ScribeStar and Reynen Court announce partnership on unique capital markets technologies

ScribeStar, a digital ecosystem that improves efficiency and reduces the cost and time required for document production for capital markets transactions, today announced a partnership with Reynen Court. ScribeStar will feature its capital markets offering in the Reynen Court Solution Store, making it available for containerized deployment to law firms and corporate legal departments through the Reynen Court platform.

“We are incredibly excited that ScribeStar, as a leading capital markets solution provider, has joined our family of vendors helping to speed the sourcing and deployment of solutions through our platform,” said Christian Lang, Reynen Court’s Head of Strategy. “I have no doubt ScribeStar’s unique offering, focused specifically on generating efficiencies in capital markets documentation drafting, will be a key solution for our platform and provide significant value add to our community of legal users.”

The Reynen Court platform combines a solution store for legal technology along with a powerful control panel that makes it easy for law firms and legal departments to run cloud-based applications either on-premises or within virtual private clouds, thus enabling firms to access modern cloud-based solutions without sacrificing security or stability. The platform also enables firms to manage software subscriptions and provides usage monitoring and advanced application-specific metrics to aid better predictability of IT software and infrastructure maintenance and expenditure.  It is supported by a consortium of 20 leading global law firms co-chaired by Latham & Watkins and Clifford Chance, with Paul Weiss serving as vice-chair.
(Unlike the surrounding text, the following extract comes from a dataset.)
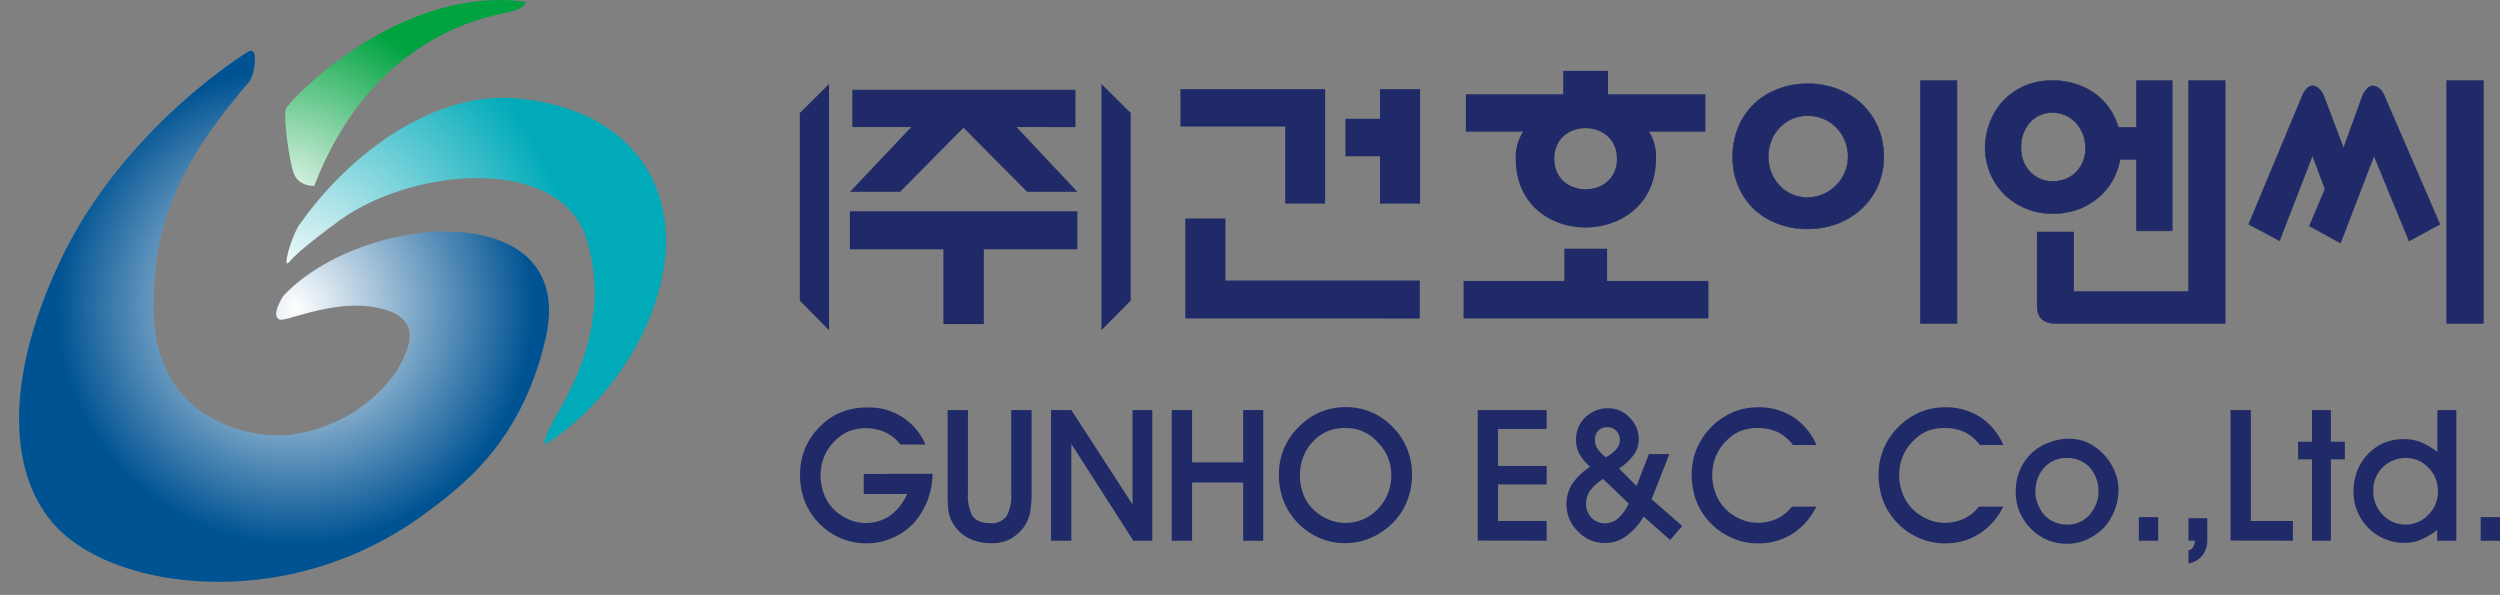 <svg xmlns="http://www.w3.org/2000/svg" xmlns:xlink="http://www.w3.org/1999/xlink" viewBox="0 0 499.02 118.76"><rect x="0" y="0" width="499.02" height="118.76" fill="#808080" stroke="none"/><defs><style>.cls-1{fill:none;}.cls-2{clip-path:url(#clip-path);}.cls-3{fill:url(#radial-gradient);}.cls-4{clip-path:url(#clip-path-2);}.cls-5{fill:url(#radial-gradient-2);}.cls-6{clip-path:url(#clip-path-3);}.cls-7{fill:url(#radial-gradient-3);}.cls-8,.cls-9{fill:#202a68;}.cls-9{stroke:#202a68;stroke-miterlimit:10;stroke-width:0.1px;}</style><clipPath id="clip-path" transform="translate(3.79)"><path class="cls-1" d="M45.46,10.49s-24.4,14.9-36.95,41c-12.3,25.64-10,44.33-1,53.74s28.7,13.54,47.8,9.15a70.16,70.16,0,0,0,24.39-10.88c8.66-6.26,16.79-12.8,22.35-26.15a65.33,65.33,0,0,0,3.12-10c6.36-28.25-36.53-25.17-52.39-8.31,0,0-2.62,3.89-.8,4.74.59.26,2.78-.55,5.84-1.36,3.86-1,9.11-2.08,14.21-.89,9.1,2.11,5.5,8.49,3.86,11.65-1.36,2.61-4.81,6.42-9.64,9.44a32.25,32.25,0,0,1-12.4,4.22c-7.36.68-27-2.53-27-25.62,0-14.25,3.53-27,19-44.75a4.33,4.33,0,0,0,.82-1.76c.5-1.87.78-4.57-.35-4.57a1.56,1.56,0,0,0-.82.33"/></clipPath><radialGradient id="radial-gradient" cx="102.64" cy="79.99" r="4.39" gradientTransform="matrix(10.8, 0, 0, -10.8, -1049.61, 925.15)" gradientUnits="userSpaceOnUse"><stop offset="0" stop-color="#fff"/><stop offset="1" stop-color="#005393"/></radialGradient><clipPath id="clip-path-2" transform="translate(3.79)"><path class="cls-1" d="M53.24,21.79c-.45,1.57.65,10.52,1.69,13s4,2.33,4,2.33C70.43,7.23,93.37,3.38,97.15,2.58c4.4-.93,3.93-2.21,3.93-2.21A34.73,34.73,0,0,0,95.92,0c-23,0-42.26,20.35-42.68,21.79"/></clipPath><radialGradient id="radial-gradient-2" cx="100.04" cy="80.27" r="4.39" gradientTransform="matrix(9.34, 0, 0, -9.34, -878.71, 792.19)" gradientUnits="userSpaceOnUse"><stop offset="0" stop-color="#fff"/><stop offset="1" stop-color="#00a340"/></radialGradient><clipPath id="clip-path-3" transform="translate(3.79)"><path class="cls-1" d="M69.21,30.62A71.27,71.27,0,0,0,56,44.81c-1.64,2.35-3.63,9.39-2,7.42,1.92-2.35,8.83-7.36,8.83-7.36C77.44,33.3,108,30.63,113.3,47.75c5.17,16.77-3.58,30.84-6.27,35.62S105,88.66,105,88.66c7.44-4.22,20.56-17.32,23.62-34.61s-6.89-32.6-29.67-34.43c-.8-.07-1.61-.1-2.4-.1-10.27,0-20.06,5.19-27.31,11.1"/></clipPath><radialGradient id="radial-gradient-3" cx="105.19" cy="81.69" r="4.39" gradientTransform="matrix(13.06, 0, 0, -13.06, -1316.38, 1123.74)" gradientUnits="userSpaceOnUse"><stop offset="0" stop-color="#fff"/><stop offset="1" stop-color="#00aab9"/></radialGradient></defs><g id="Layer_2" data-name="Layer 2"><g id="레이어_1" data-name="레이어 1"><g class="cls-2"><rect class="cls-3" y="10.16" width="115.31" height="108.6"/></g><g class="cls-4"><rect class="cls-5" x="56.59" width="48.76" height="37.36"/></g><g class="cls-6"><rect class="cls-7" x="56.19" y="19.52" width="79.27" height="69.14"/></g><path class="cls-8" d="M182.35,94.58a14.87,14.87,0,0,1-4,10.1,13.13,13.13,0,0,1-14.68,2.59,13.75,13.75,0,0,1-4.44-3.32,13.57,13.57,0,0,1-2.5-4.2,15.28,15.28,0,0,1-.83-5,13.75,13.75,0,0,1,1-5.22,13.4,13.4,0,0,1,3-4.39,12.12,12.12,0,0,1,4.28-2.88,14,14,0,0,1,5.2-.92,12.11,12.11,0,0,1,11.55,7.39h-5a8,8,0,0,0-3.06-2.45,9,9,0,0,0-3.85-.8,9.4,9.4,0,0,0-3.4.61,9,9,0,0,0-2.84,2,8.9,8.9,0,0,0-2.08,3.12,9.39,9.39,0,0,0-.7,3.57,10.7,10.7,0,0,0,.63,3.71,8.69,8.69,0,0,0,1.9,3.07,10.36,10.36,0,0,0,3,2.08,8.57,8.57,0,0,0,8.21-.63,10.58,10.58,0,0,0,3.55-4.41h-8.68v-4Z" transform="translate(3.79)"/><path class="cls-8" d="M189.42,81.85V98.39a8.71,8.71,0,0,0,.87,4.55c.66,1,1.86,1.49,3.57,1.49a3.6,3.6,0,0,0,3.33-1.49,8.71,8.71,0,0,0,.87-4.55V81.85h4.06V98.33a21.74,21.74,0,0,1-.24,3.64,8.36,8.36,0,0,1-1.08,2.92,8.83,8.83,0,0,1-2.81,2.64,7.76,7.76,0,0,1-3.82.9,10.28,10.28,0,0,1-4.34-.87,7.63,7.63,0,0,1-3.15-2.67,7.53,7.53,0,0,1-1.18-3.09,30.94,30.94,0,0,1-.14-3.47V81.85Z" transform="translate(3.79)"/><path class="cls-8" d="M206,107.94V81.85h4.06l12.21,18.84V81.85h3.95v26.09h-3.78L210.06,88.61v19.33Z" transform="translate(3.79)"/><path class="cls-8" d="M230.1,107.94V81.85h4.06V92.29h10.2V81.85h4v26.09h-4V96.31h-10.2v11.63Z" transform="translate(3.79)"/><path class="cls-8" d="M252.5,89.51a13.25,13.25,0,0,1,3.06-4.39,12.78,12.78,0,0,1,4.16-2.85,13.12,13.12,0,0,1,5-1,12.76,12.76,0,0,1,9.34,3.82,13.25,13.25,0,0,1,4,9.59,14.34,14.34,0,0,1-.91,5.13,12.82,12.82,0,0,1-2.57,4.19,14.09,14.09,0,0,1-4.51,3.26,13,13,0,0,1-5.41,1.15,12.48,12.48,0,0,1-5.41-1.19,13.4,13.4,0,0,1-6.94-7.52,15.28,15.28,0,0,1-.83-5A13.74,13.74,0,0,1,252.5,89.51Zm3.79,8.95a8.55,8.55,0,0,0,1.9,3.07,10.31,10.31,0,0,0,3,2.08,8.36,8.36,0,0,0,3.47.76,8.73,8.73,0,0,0,6.59-2.79,9.5,9.5,0,0,0,2.67-6.9,8.63,8.63,0,0,0-.66-3.32,8.87,8.87,0,0,0-1.9-2.92,8.42,8.42,0,0,0-6.7-3,9.37,9.37,0,0,0-3.4.61,8.24,8.24,0,0,0-2.88,2,8.69,8.69,0,0,0-2,3.12,9.64,9.64,0,0,0-.69,3.57A10.7,10.7,0,0,0,256.29,98.46Z" transform="translate(3.79)"/><path class="cls-8" d="M291.17,107.9V81.85h13.77v3.78h-9.71V93h9.71V96.7h-9.71V104h9.71v3.92Z" transform="translate(3.79)"/><path class="cls-8" d="M324.3,103.11a13.32,13.32,0,0,1-3.61,4,7.2,7.2,0,0,1-4.09,1.28,7.34,7.34,0,0,1-5.48-2.37,7.54,7.54,0,0,1-2.23-5.47A7.26,7.26,0,0,1,310,96.67a11.72,11.72,0,0,1,3.61-3.48,10.3,10.3,0,0,1-2.19-2.67,5.85,5.85,0,0,1-.62-2.63,6.17,6.17,0,0,1,1.8-4.55,6.36,6.36,0,0,1,4.65-1.84,5.72,5.72,0,0,1,4.23,1.84,6,6,0,0,1,1.84,4.37,5.26,5.26,0,0,1-.94,3,11.32,11.32,0,0,1-3,2.81L322.88,97l2.46-6.36h4.09l-3.54,9L332,105l-2.42,2.78Zm-5.14.39a8.68,8.68,0,0,0,2.15-3l-5.1-4.89A8.7,8.7,0,0,0,313.58,98a4.4,4.4,0,0,0-.77,2.54,3.87,3.87,0,0,0,1.05,2.77,3.58,3.58,0,0,0,2.74,1.14A4,4,0,0,0,319.16,103.5Zm-4.13-14a7.11,7.11,0,0,0,1.74,1.77,7.88,7.88,0,0,0,2.11-1.67,2.85,2.85,0,0,0,.67-1.79,2.51,2.51,0,0,0-.73-1.82,2.32,2.32,0,0,0-1.74-.72,2.51,2.51,0,0,0-1.77.65,2.35,2.35,0,0,0-.73,1.81A3.5,3.5,0,0,0,315,89.48Z" transform="translate(3.79)"/><path class="cls-8" d="M354,106.55a12.61,12.61,0,0,1-6.91,1.91,12.38,12.38,0,0,1-5.38-1.19,13.32,13.32,0,0,1-7-7.52,15.28,15.28,0,0,1-.83-5,13.34,13.34,0,0,1,1-5.17,13.93,13.93,0,0,1,7.22-7.29,13.39,13.39,0,0,1,5-1,12.8,12.8,0,0,1,7,1.92,12.44,12.44,0,0,1,4.68,5.62h-4.68a8.42,8.42,0,0,0-3.09-2.6,9.64,9.64,0,0,0-4-.8,9.37,9.37,0,0,0-3.4.61,8.51,8.51,0,0,0-2.85,2,9,9,0,0,0-2.08,3.12,9.64,9.64,0,0,0-.69,3.57,10.27,10.27,0,0,0,.66,3.71,8.44,8.44,0,0,0,1.91,3.07,9.75,9.75,0,0,0,3,2.08,8.36,8.36,0,0,0,3.47.76,9.15,9.15,0,0,0,3.92-.83,8.24,8.24,0,0,0,2.95-2.4h4.86A13.41,13.41,0,0,1,354,106.55Z" transform="translate(3.79)"/><path class="cls-8" d="M391.3,106.55a12.55,12.55,0,0,1-6.9,1.91,12.42,12.42,0,0,1-5.38-1.19,13.32,13.32,0,0,1-7-7.52,15,15,0,0,1-.83-5,13.53,13.53,0,0,1,1-5.17,13.93,13.93,0,0,1,7.22-7.29,13.39,13.39,0,0,1,5-1,12.77,12.77,0,0,1,7,1.92,12.44,12.44,0,0,1,4.68,5.62h-4.68a8.42,8.42,0,0,0-3.09-2.6,9.64,9.64,0,0,0-4-.8,9.37,9.37,0,0,0-3.4.61,8.37,8.37,0,0,0-2.84,2,8.9,8.9,0,0,0-2.08,3.12,9.46,9.46,0,0,0-.7,3.57,10.27,10.27,0,0,0,.66,3.71,8.71,8.71,0,0,0,1.91,3.07,9.75,9.75,0,0,0,3,2.08,8.36,8.36,0,0,0,3.47.76,9.18,9.18,0,0,0,3.92-.83,8.24,8.24,0,0,0,2.95-2.4h4.86A13.29,13.29,0,0,1,391.3,106.55Z" transform="translate(3.79)"/><path class="cls-8" d="M399.27,94.13a10,10,0,0,1,2.09-3.29A9.75,9.75,0,0,1,405,88.41a10.92,10.92,0,0,1,4.2-.83,9,9,0,0,1,3.71.76A11,11,0,0,1,418.28,94a9.71,9.71,0,0,1,.8,3.89,11.46,11.46,0,0,1-2.74,7.25,11.1,11.1,0,0,1-3.47,2.5,9.37,9.37,0,0,1-4,.9,10.33,10.33,0,0,1-4.07-.8,9.75,9.75,0,0,1-3.29-2.3,10.28,10.28,0,0,1-2.22-3.39,10.89,10.89,0,0,1-.73-4A11.13,11.13,0,0,1,399.27,94.13Zm5,8.68a6.15,6.15,0,0,0,4.59,1.9,5.8,5.8,0,0,0,4.4-1.9,7.18,7.18,0,0,0,0-9.58,6,6,0,0,0-4.44-1.81,6,6,0,0,0-4.51,1.84,7.17,7.17,0,0,0,0,9.55Z" transform="translate(3.79)"/><path class="cls-8" d="M423.14,107.94v-4.72H427v4.72Z" transform="translate(3.79)"/><path class="cls-8" d="M433.05,109.85a1.57,1.57,0,0,0,.8-.46,2.93,2.93,0,0,0,.49-1.45h-1.29v-4.51h3.75v4a5.47,5.47,0,0,1-.91,3.36,4.5,4.5,0,0,1-2.84,1.67Z" transform="translate(3.79)"/><path class="cls-8" d="M441.44,107.9V81.85h4.06V104h8.39v3.92Z" transform="translate(3.79)"/><path class="cls-8" d="M457.7,91.7h-2.77V88.17h2.77V81.85h3.78v6.32h2.78V91.7h-2.78v16.24H457.7Z" transform="translate(3.79)"/><path class="cls-8" d="M468.9,105.33A10.13,10.13,0,0,1,466,98a11.06,11.06,0,0,1,.73-4,9.94,9.94,0,0,1,2.12-3.34,9.84,9.84,0,0,1,3.25-2.28,10.63,10.63,0,0,1,4-.73,8.8,8.8,0,0,1,3.16.56,14.32,14.32,0,0,1,3.47,2V81.85h3.78v26.09h-3.82v-2.15a13.94,13.94,0,0,1-3.43,2,7.89,7.89,0,0,1-2.95.56A10,10,0,0,1,468.9,105.33Zm12-12a6,6,0,0,0-4.44-1.91,6.43,6.43,0,0,0-4.62,1.84,6.37,6.37,0,0,0-1.91,4.68,6.63,6.63,0,0,0,1.91,4.83,6.26,6.26,0,0,0,4.65,1.94,6.07,6.07,0,0,0,4.41-1.94,6.39,6.39,0,0,0,1.94-4.59A6.65,6.65,0,0,0,480.91,93.3Z" transform="translate(3.79)"/><path class="cls-8" d="M491.37,107.94v-4.72h3.86v4.72Z" transform="translate(3.79)"/><path class="cls-8" d="M201.24,38.29,188.53,25.5,175.87,38.29h-10l12.23-12.92H166.34V17.92h44.54v7.45H199.13l12.13,12.92M192.59,49.77V64.68h-8.07V49.77H165.85v-7.6h45.41v7.6Z" transform="translate(3.79)"/><polyline class="cls-8" points="219.86 16.77 225.7 22.56 225.7 60 219.86 65.91"/><polyline class="cls-8" points="165.48 16.77 159.64 22.56 159.64 60 165.48 65.91"/><path class="cls-8" d="M252.75,40.64V25.26H231.84V17.79h28.88V40.64M232.81,63.55V43.61h8V56h38.8v7.58Zm38.86-22.91V31.19h-6.9V23.71h6.9V17.79h8V40.64Z" transform="translate(3.79)"/><path class="cls-8" d="M288.35,63.55V56.08h20.11V49.64H317v6.44h20.23v7.47M325.4,26.28a9.18,9.18,0,0,1,1.36,5.42c0,18.17-28,18.4-28,0a9.15,9.15,0,0,1,1.48-5.42H288.81V18.82h19.43V14.15h8.94v4.67h19.44v7.46ZM306.48,31.7c0,8.09,12.47,8.09,12.47,0s-12.47-8.2-12.47,0" transform="translate(3.79)"/><path class="cls-9" d="M357,16.71a16.18,16.18,0,0,1,6.17,1.13A14.72,14.72,0,0,1,368,20.91a13.84,13.84,0,0,1,3.13,4.63,15.08,15.08,0,0,1,1.1,5.74,14.44,14.44,0,0,1-1.1,5.62A13.69,13.69,0,0,1,368,41.47a15.1,15.1,0,0,1-4.82,3.09A16.37,16.37,0,0,1,357,45.69a16.18,16.18,0,0,1-6.09-1.11,13.73,13.73,0,0,1-4.73-3A13.48,13.48,0,0,1,343.14,37a14.77,14.77,0,0,1-1.08-5.68,15.24,15.24,0,0,1,1.08-5.78,13.46,13.46,0,0,1,7.78-7.68A16,16,0,0,1,357,16.71Zm0,22.69a7.45,7.45,0,0,0,3.12-.64A8.21,8.21,0,0,0,362.71,37a7.85,7.85,0,0,0,1.74-2.56,7.76,7.76,0,0,0,.64-3.16,8.13,8.13,0,0,0-.64-3.25,8.23,8.23,0,0,0-1.71-2.59,7.7,7.7,0,0,0-2.58-1.73A8,8,0,0,0,357,23.1a7.33,7.33,0,0,0-3.1.64,7.61,7.61,0,0,0-2.49,1.76,7.89,7.89,0,0,0-1.64,2.59,8.86,8.86,0,0,0-.58,3.19,8.75,8.75,0,0,0,.58,3.14A8.1,8.1,0,0,0,351.39,37a7.29,7.29,0,0,0,2.46,1.76A7.47,7.47,0,0,0,357,39.4Zm29.84-23.32V64.56h-7.31V16.08Z" transform="translate(3.79)"/><path class="cls-9" d="M405.93,16.08a14.92,14.92,0,0,1,4.66.71,13.56,13.56,0,0,1,3.82,1.92,12.4,12.4,0,0,1,2.85,2.93,13.45,13.45,0,0,1,1.8,3.76h3.6V16.08h7.14v30h-7.14V31.79H419.4A13.11,13.11,0,0,1,417.9,36,12,12,0,0,1,415,39.47a13.59,13.59,0,0,1-4,2.32,14.61,14.61,0,0,1-5.07.85,13.63,13.63,0,0,1-5.47-1.09,12.89,12.89,0,0,1-7-7,13.32,13.32,0,0,1-1-5,14,14,0,0,1,1-5.19A12.62,12.62,0,0,1,396.2,20a13.18,13.18,0,0,1,4.23-2.89A13.73,13.73,0,0,1,405.93,16.08Zm0,20.11a6.34,6.34,0,0,0,4.69-1.84,6.52,6.52,0,0,0,1.85-4.88,7.31,7.31,0,0,0-.52-2.8,7.54,7.54,0,0,0-1.41-2.2A6.52,6.52,0,0,0,408.46,23a6.19,6.19,0,0,0-2.53-.51,5.88,5.88,0,0,0-4.53,1.95,7.16,7.16,0,0,0-1.77,5,6.71,6.71,0,0,0,1.8,4.86A6,6,0,0,0,405.93,36.19Zm4.21,22h22.92V16.08h7.31V64.56H406.61c-2.52,0-3.77-1.16-3.77-3.46V46.31h7.3Z" transform="translate(3.79)"/><path class="cls-9" d="M463.39,48.51l-6.2-3.39,3.11-7.4-2.5-6.67-6.58,17-6.15-3.28L455.81,19c.59-1.24,1.25-1.86,2-1.86a1.78,1.78,0,0,1,1.19.51A3.88,3.88,0,0,1,460,19l4,10.57L467.82,19a5.49,5.49,0,0,1,.94-1.35,1.53,1.53,0,0,1,1.11-.51,1.91,1.91,0,0,1,1.22.51,3.68,3.68,0,0,1,1,1.35l11.14,25.77-6.15,3.34-7-17ZM484.6,16.08h7.31V64.56H484.6Z" transform="translate(3.79)"/></g></g></svg>

A crucial factor in the post-Covid world for lawyers is the time taken to improve their workflow and they are seeking new technologies to help with this. The consortium of firms backing Reynen Court recognized the need for a single place to access curated and vetted solutions. ScribeStar’s selection by Reynen Court shows that it has been recognized as the best-in-class technology and vetted as a secure solution for use on capital market transactions internationally.

ScribeStar has so far had over 50 transactions on its ecosystem allowing deal teams from around the world to work together. ScribeStar’s clients have seen up to 50% reductions in the time taken to complete issuance documentation on first issues, and even more on follow on equity issues, and the company is now seeing interest in complicated bond documents such as those for high yield bonds. ScribeStar’s software allows capital markets deal-teams to work in a controlled, role based environment, where they can draft, review and approve complex documents, perform backup, circle-up and meet regulatory requirements – all the way to final printed versions without involving any third parties. It also includes additional modules for capital markets processes allowing General Counsels to get their securities offering and regulatory documents ready quicker, faster and smarter.

Srinivas Suravarapu, CEO of ScribeStar, said: “We are really excited by the opportunity to deliver our unique technology through Reynen Court and make it accessible to their clients globally. The future of how technology is delivered to drive higher efficiencies is rapidly evolving and capabilities that enable automated compliance, smarter contract documents and data analytics are changing the way lawyers work.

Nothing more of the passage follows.